Way, way back, many centuries ago, not long after the Bible began, Tim Rice and Andrew Lloyd Webber penned what is surely their greatest musical collaboration – Joseph and the Amazing Technicolour Dreamcoat, playing at New Brighton’s Floral Pavilion until 28th May and starring Joe McElderry.
The story is that of Joseph, youngest-but-one son of Jacob. Jacob favours Joseph, much to the annoyance of Joseph’s 11 brothers, and buys his son an expensive and fabulous coat of many colours. Joseph doesn’t help himself in the family popularity stakes by boasting to his brothers about the dreams he has where they all bow down before him. Fed up with him, the brothers hatch a dastardly plot to kill him. A last minute change of plan sees them sell Joseph to “a hairy bunch of Ishmaelites” who, in turn, sell him into slavery in Egypt. Will Joseph’s gift of dream-reading help him? Will, indeed, his premonitions of greatness come true?
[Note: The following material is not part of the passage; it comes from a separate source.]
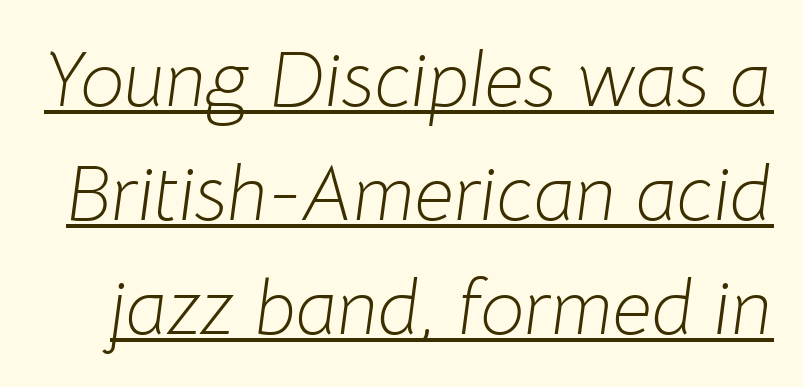
{"italic": "yes", "lean": "right", "slant_degrees": 8, "bold": "no", "weight": "light", "width": "normal", "stroke_contrast": "low", "x_height": "medium", "monospaced": "no", "underline": "yes", "line_spacing": "normal", "line_spacing_ratio": 1.46, "letter_spacing": "normal", "letter_spacing_em": 0.0, "glyph_px": 78}

Now, if you didn’t learn to lisp along to the strains of Any Dream Will Do as child, you can probably retrospectively sue your parents for neglect. I was exposed at an early age and can consequently still belt out all the numbers, practically word perfect.
Which is not to imply that the show is in any way dated. With an age-old narrative encompassing sibling rivalry and a journey from rags to riches, Lloyd Webber cleverly composed an age-defying score which spans genres from Calypso to Country and Noel Coward to Elvis Presley, rendering the work as accessible today as it was forty odd years ago.
With a timeless classic such as this, you’d have to be trying very hard to mess it up. There’s no dialogue to forget, just a pacey string of outrageously catchy numbers which relate the story. The tunes are there, the tight lyrics, the humour, the pathos… What could go wrong? I’m pleased to say, that baa-ing the odd sluggish inflation of the hilarious pop-up sheep, which only added to the comedy, not much went wrong at all for director Bill Kenwright’s production.
Joe McElderry, who has made a career out of winning TV competitions, it seems – not just The X Factor in 2009 but also Popstar to Operastar in 2011 and The Jump in 2014 – has a lovely ease about him on stage and an indisputably fine voice. Personally I’d like to see him combine talents next and do The Marriage of Figraro on skis.
Lucy Kay as the Narrator, runner up in last year’s Britain’s Got Talent and a feted soprano, was perhaps unsurprisingly a touch operatic in the high registers but it’s no mean feat to pull off such a big role with so much stage time and such intricate lyrics and she managed it with aplomb. It’s good to see a female in this role to balance the very male-heavy bias of this Old Testament tale.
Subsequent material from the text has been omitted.